As MLK Day approaches, we will begin to see stories from the mainstream press about the man and his message. Over the years the press has tended to concentrate on his August 1963 speech at the March for Jobs and Freedom on the Washington Mall. But if we look at the message from an older King, the King of 1967 or 1968, we see a man much wearier and skeptical of government and the social infrastructure keeping their contract of equitable access to opportunity for all its citizens.
Journalists who examine King’s legacy need to include this latter period in their retrospectives. According to Thomas F. Jackson who wrote “Politics and Culture in Modern America: From Civil Rights to Human Rights: Martin Luther King, Jr. and the Struggle for Economic Justice,” King had been leaning more toward a social democratic political and economic philosophy by 1965, not long after President Lyndon Johnson had announced at Howard University his administration’s War on Poverty. Though King was keen with Johnson’s goals immediately after announcement, he soon became disillusioned with the gap between Johnson’s rhetoric to create greater access to opportunity and the administration’s policies.
A month after Johnson made his announcement about the War on Poverty, he made Vietnam a greater priority. King was particularly dismayed with Johnson’s budget cut to the program in 1967 from $3.4 billion to $1.75 billion with most of the lost money going to fuel the war in Vietnam. King also became concerned that the administration was too focused on “Negro pathology” – Patrick Moynihan, Johnson’s undersecretary of labor, attributed poor social and economic conditions of blacks to the breakdown of the family – rather than what he saw as the real root causes of poverty: a lack of jobs and financial security.

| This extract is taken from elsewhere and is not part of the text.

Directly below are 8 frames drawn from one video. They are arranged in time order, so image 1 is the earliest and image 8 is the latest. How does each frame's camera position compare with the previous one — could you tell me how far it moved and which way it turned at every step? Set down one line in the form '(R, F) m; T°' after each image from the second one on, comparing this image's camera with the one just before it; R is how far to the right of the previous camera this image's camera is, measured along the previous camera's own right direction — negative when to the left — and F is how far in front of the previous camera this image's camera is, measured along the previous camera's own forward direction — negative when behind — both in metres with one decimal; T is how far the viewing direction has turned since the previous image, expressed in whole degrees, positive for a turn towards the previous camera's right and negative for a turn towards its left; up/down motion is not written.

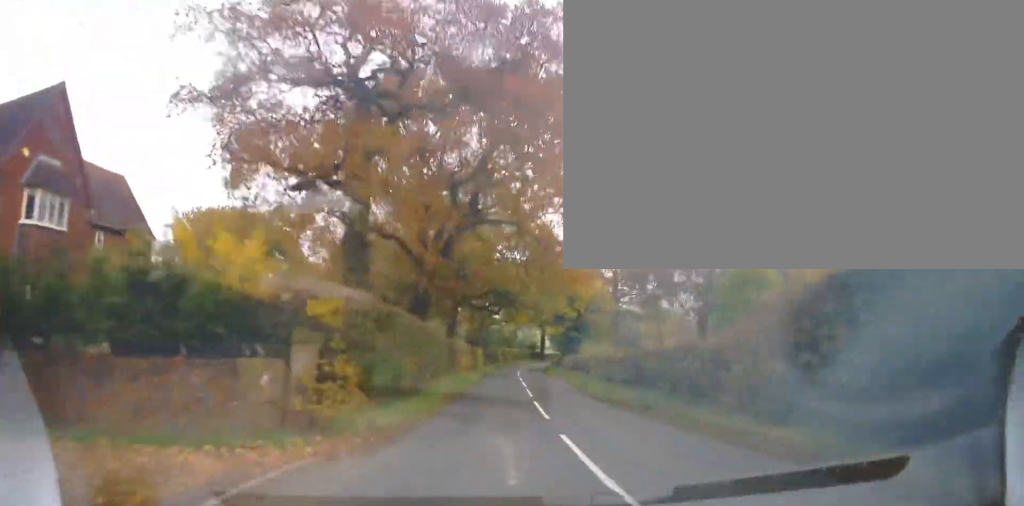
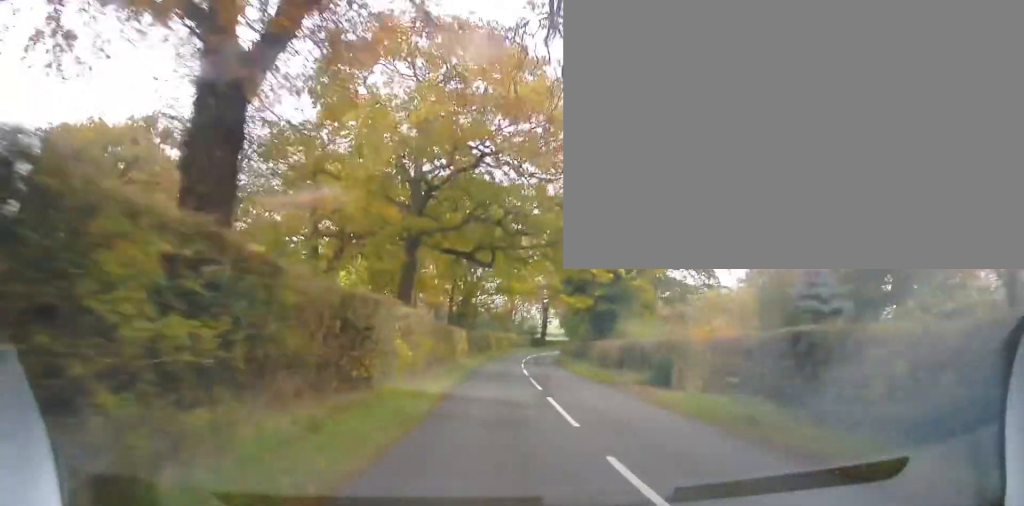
(-0.4, +20.0) m; -1°
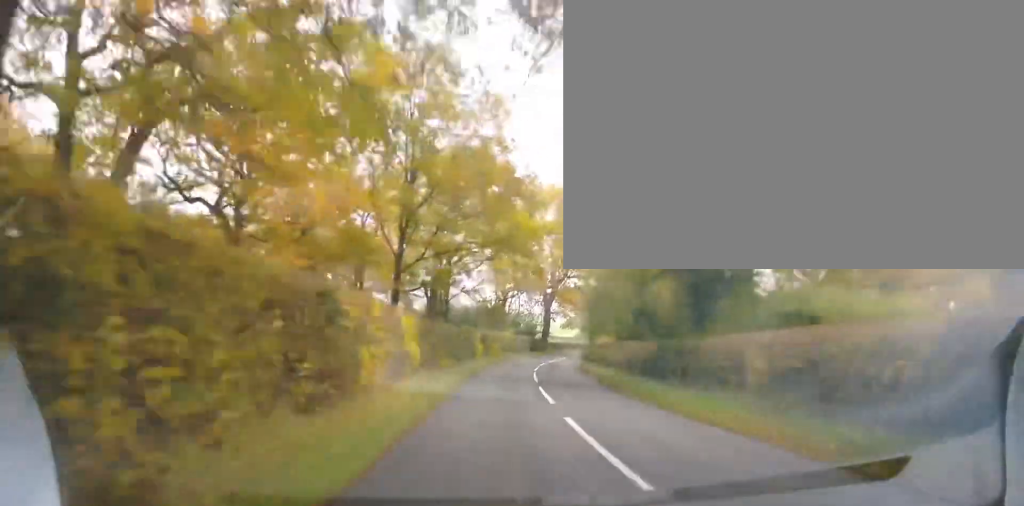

“But his political and structural explanations of poverty increasingly challenged liberal definitions that focused on something poor individuals lacked – skills, education, habits of work discipline, or “mainstream” norms they might pass on to their children. What if poverty resulted from each new generation’s confrontation with changing but relentless forms of economic denial, as the anthropologist Elliot Liebow argued in his powerful 1967 portrait of Negro streetcorner men, Tally’s Corner? (10) The island of poverty was larger than King had recognized, and millions of affluent Americans afloat on the vast ocean of material prosperity were dependent on the underpaid labor of its inhabitants.”
Journalists writing about education, housing, wealth and income, jobs and the criminal justice system have a lot to learn from this passage and King’s overall message from this final period of his life. In order for the public to understand poverty and racial disparity, audiences needs to understand the institutional and economic mechanisms that often constrain people’s agency to lift themselves up. Of course people have choices, but journalists need to reveal the context that often limits those choices.